RRPJ: result-rate based progressive relational join

  • Authors:
  • Wee Hyong Tok;Stéphane Bressan;Mong-Li Lee

  • Affiliations:
  • School of Computing, National University of Singapore;School of Computing, National University of Singapore;School of Computing, National University of Singapore

  • Venue:
  • DASFAA'07 Proceedings of the 12th international conference on Database systems for advanced applications
  • Year:
  • 2007

Quantified Score

Hi-index 0.00

Visualization

Abstract

Progressive join algorithms are join algorithms that produce results incrementally as input data is available. Because they are nonblocking, they are particularly suitable for online processing of data streams. Reference algorithms of this family are the symmetric hash join, the X-join and more recently, the rate-based progressive join (RPJ). While the symmetric hash join introduces the idea of a symmetric processing of the input streams but assumes sufficient main memory, the X-Join suggests that the processing can scale to very large amounts of data if main memory is regularly flushed to disk, and a reactive/cleanup phase is triggered for disk-resident data. The X-join flushing strategy is based on a simple largest-first strategy, where the largest partition is flushed to disk.
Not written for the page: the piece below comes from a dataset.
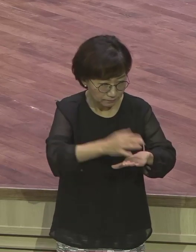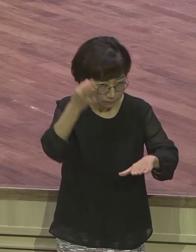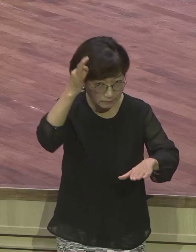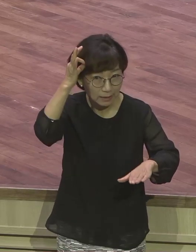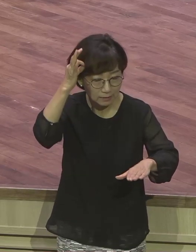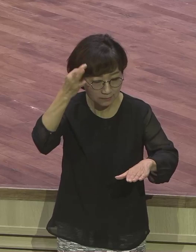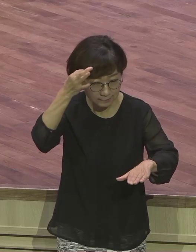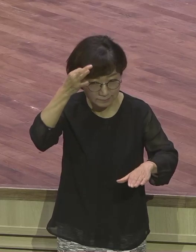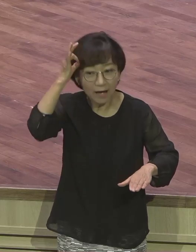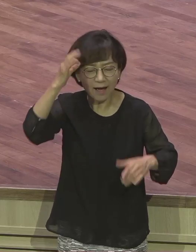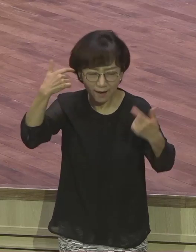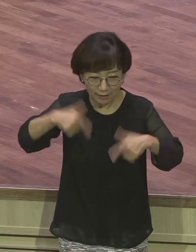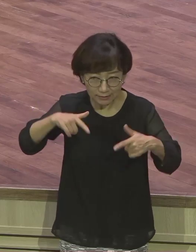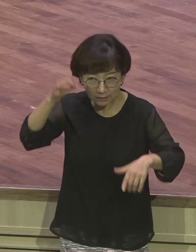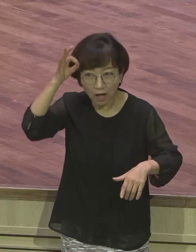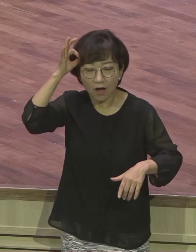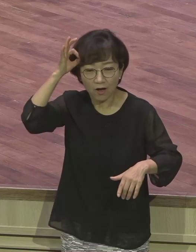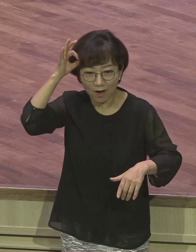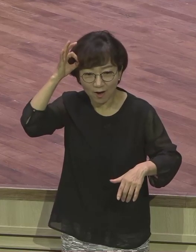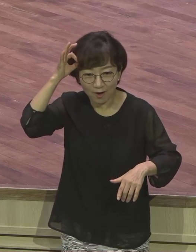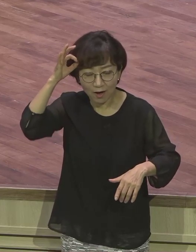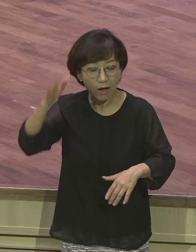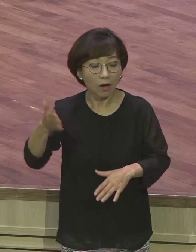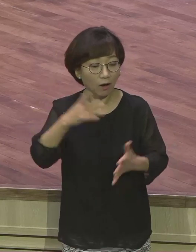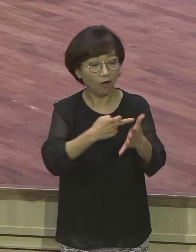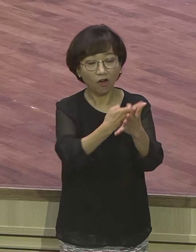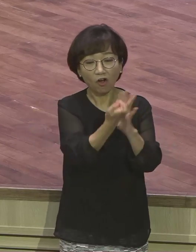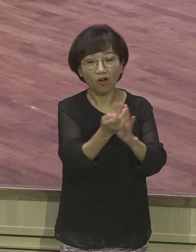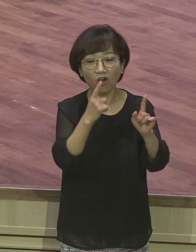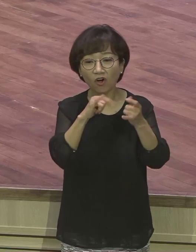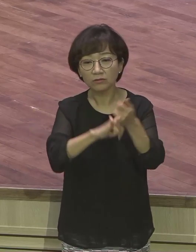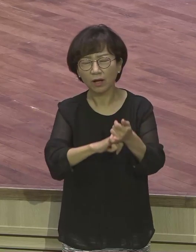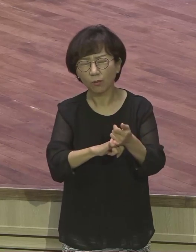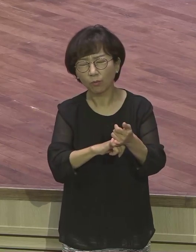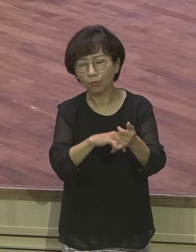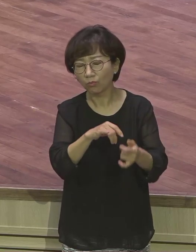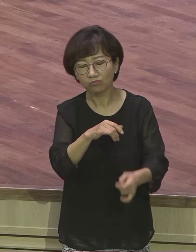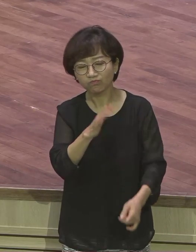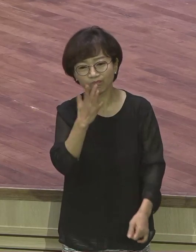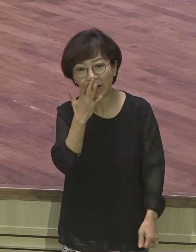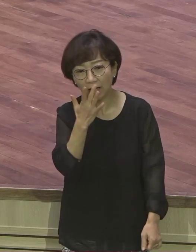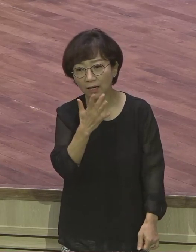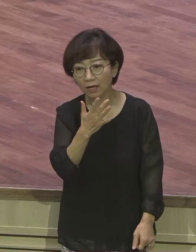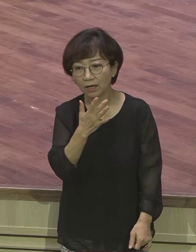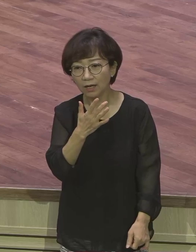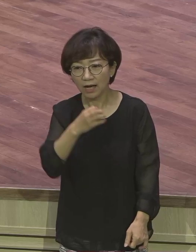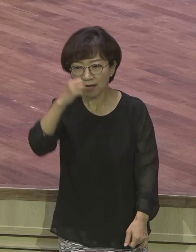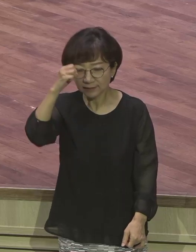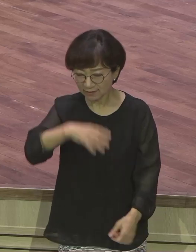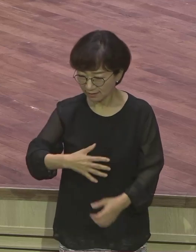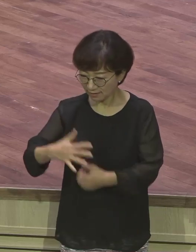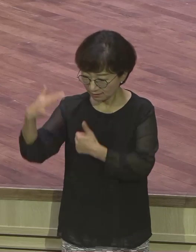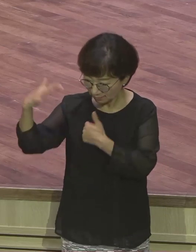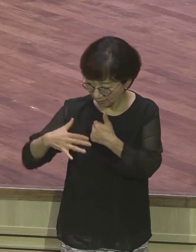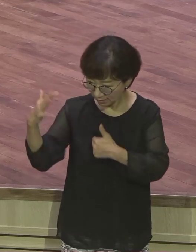은약에 관심이 없었던 요셉의 형들은요 나타나는 현상만 놓고 감정적 반응만 보입니다. 이 은약 없는 사람 특징이에요.

The recently proposed RPJ predicts the main memory tuples or partitions that should be flushed to disk in order to maximize throughput by computing their probabilities to contribute to a result. In this paper, we discuss the limitations of RPJ and propose a novel extension, called Result Rate-based Progressive Join (RRPJ), which addresses these limitations. Instead of computing the probabilities from statistics over the input data, RRPJ directly observes the output (result) statistics. This not only yields a better performance, but also simplifies the generalization of the algorithm to non-relational data such as multidimensional data and hierarchical data. We empirically show that RRPJ is effective and efficient and outperforms the state-of-art RPJ. We also investigate the relevance and performance of an adaptive version of these algorithms using amortization parameters.